(MATERIAL SUPPLIED):
== Segment start ==

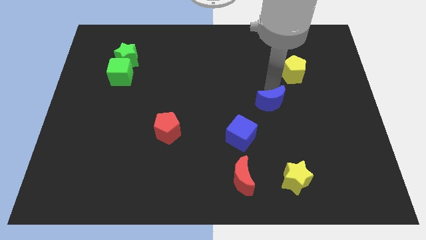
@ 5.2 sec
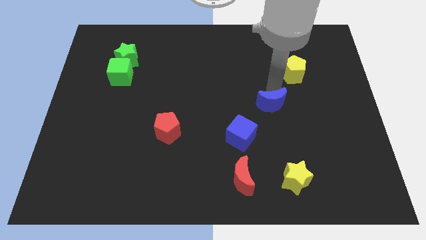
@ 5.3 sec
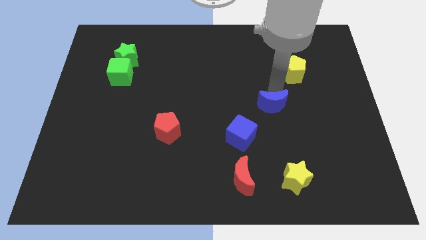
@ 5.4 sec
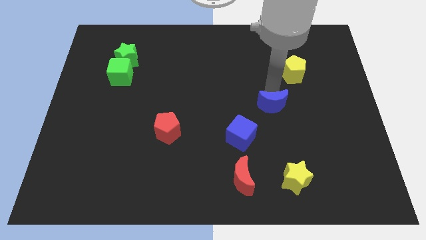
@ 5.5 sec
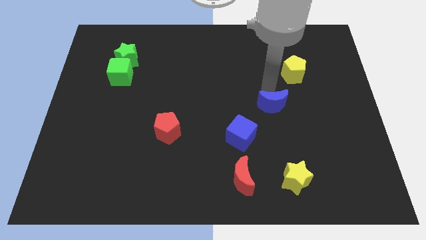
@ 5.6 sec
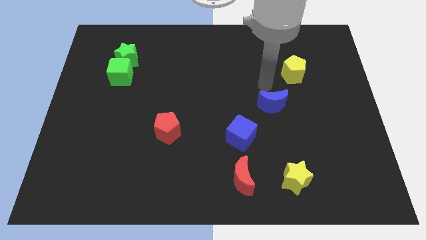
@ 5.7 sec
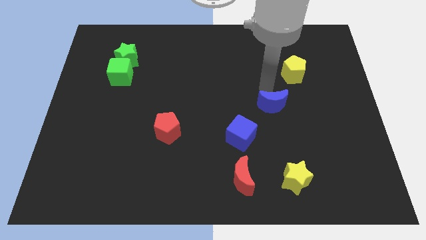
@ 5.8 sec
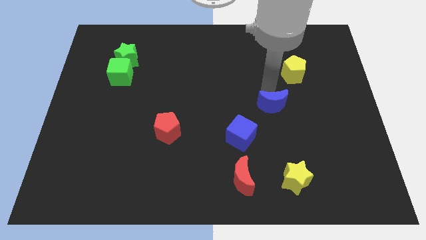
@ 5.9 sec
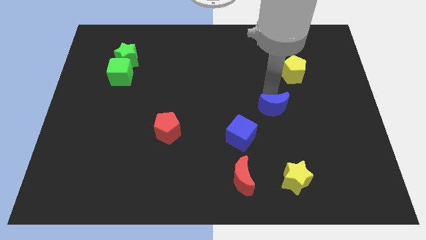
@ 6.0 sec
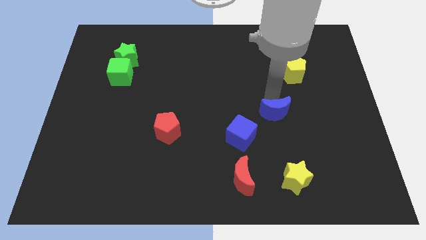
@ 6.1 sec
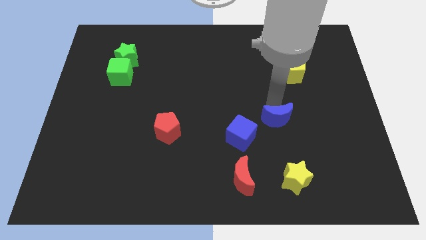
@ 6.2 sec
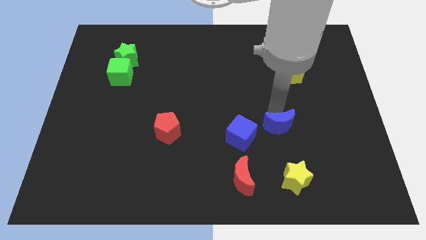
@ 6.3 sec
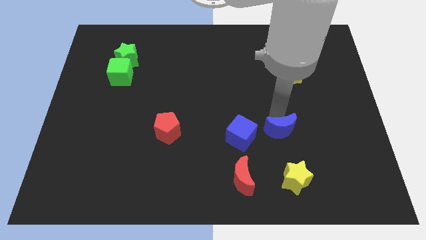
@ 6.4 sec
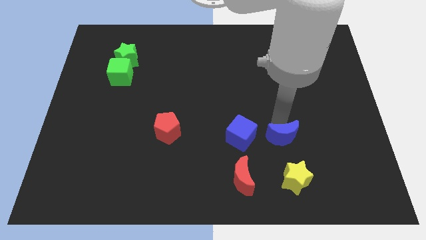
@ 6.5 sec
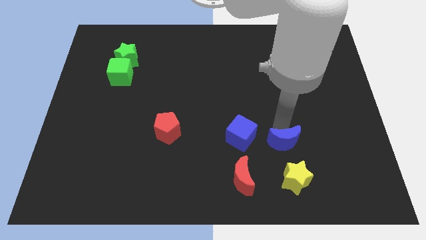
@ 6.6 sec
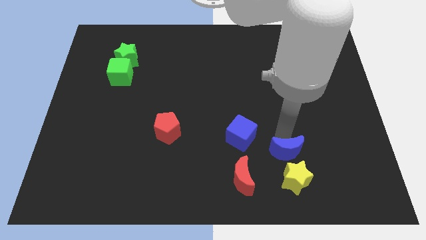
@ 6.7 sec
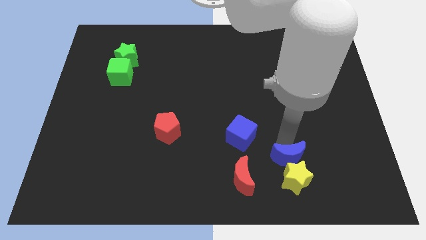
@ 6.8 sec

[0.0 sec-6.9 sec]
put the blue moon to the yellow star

== Segment end ==

(ACTION ITEM):
Write the listing out a second time exactly, dropping all images.

(RESULT):
@ 5.2 sec
@ 5.3 sec
@ 5.4 sec
@ 5.5 sec
@ 5.6 sec
@ 5.7 sec
@ 5.8 sec
@ 5.9 sec
@ 6.0 sec
@ 6.1 sec
@ 6.2 sec
@ 6.3 sec
@ 6.4 sec
@ 6.5 sec
@ 6.6 sec
@ 6.7 sec
@ 6.8 sec

[0.0 sec-6.9 sec]
put the blue moon to the yellow star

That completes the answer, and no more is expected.